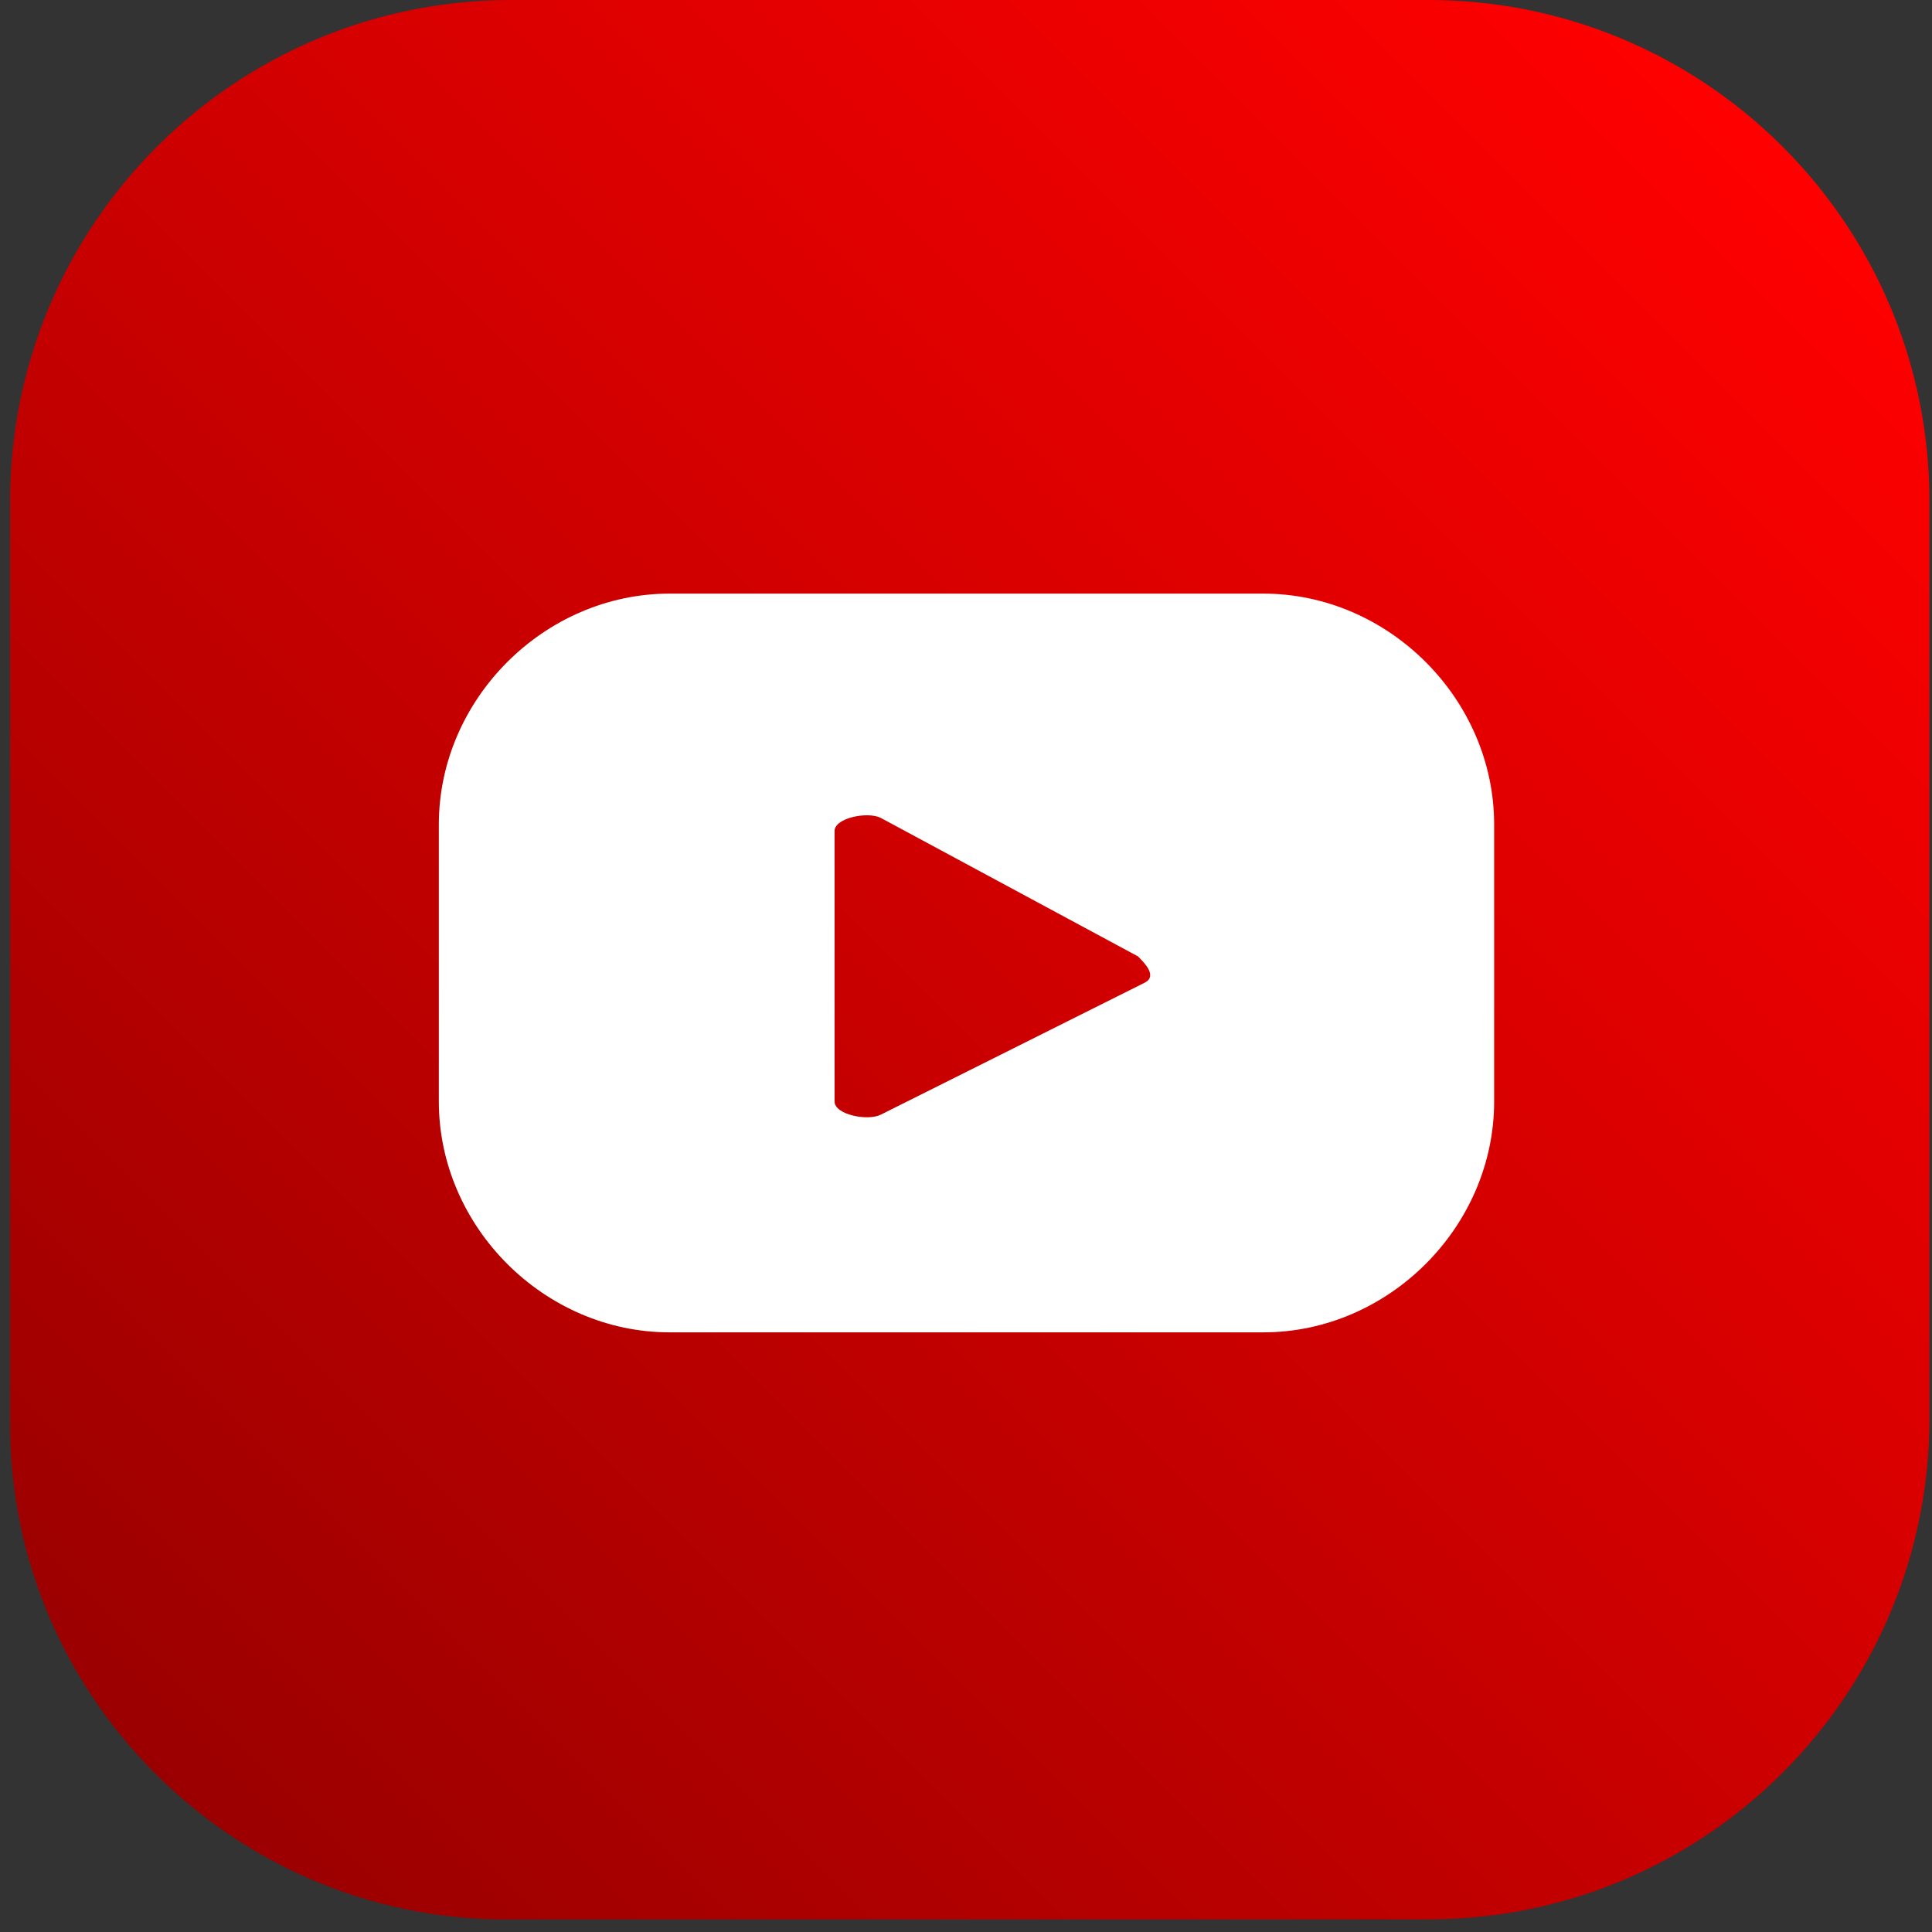 <svg width="153" height="153" viewBox="0 0 153 153" fill="none" xmlns="http://www.w3.org/2000/svg">
<rect x="0" y="0" width="153" height="153" fill="#333333" stroke="none"/>
<path d="M0.8 112.825V39.698C0.8 17.759 18.559 0 40.497 0H113.102C135.04 0 152.8 17.759 152.8 39.698V112.302C152.8 134.241 135.04 152 113.102 152H41.02C19.082 152.522 0.8 134.763 0.8 112.825Z" fill="url(#paint0_linear_156_4822)"/>
<path d="M118.325 65.292C118.325 55.368 109.968 47.01 100.044 47.01H53.033C43.109 47.01 34.752 55.368 34.752 65.292V87.23C34.752 97.155 43.109 105.512 53.033 105.512H100.044C109.968 105.512 118.325 97.155 118.325 87.23V65.292ZM90.641 77.828L69.748 88.275C68.703 88.797 66.092 88.275 66.092 87.23V65.814C66.092 64.77 68.703 64.247 69.748 64.77L90.119 75.739C90.641 76.261 91.686 77.306 90.641 77.828Z" fill="white"/>
<defs>
<linearGradient id="paint0_linear_156_4822" x1="141.984" y1="11.718" x2="12.713" y2="140.99" gradientUnits="userSpaceOnUse">
<stop stop-color="#FF0000"/>
<stop offset="1" stop-color="#9B0000"/>
</linearGradient>
</defs>
</svg>

● **Assigned task**:
Determine how many lines in the preceding records include the word "stop". The answer is that number alone.

● **Answer section**:
2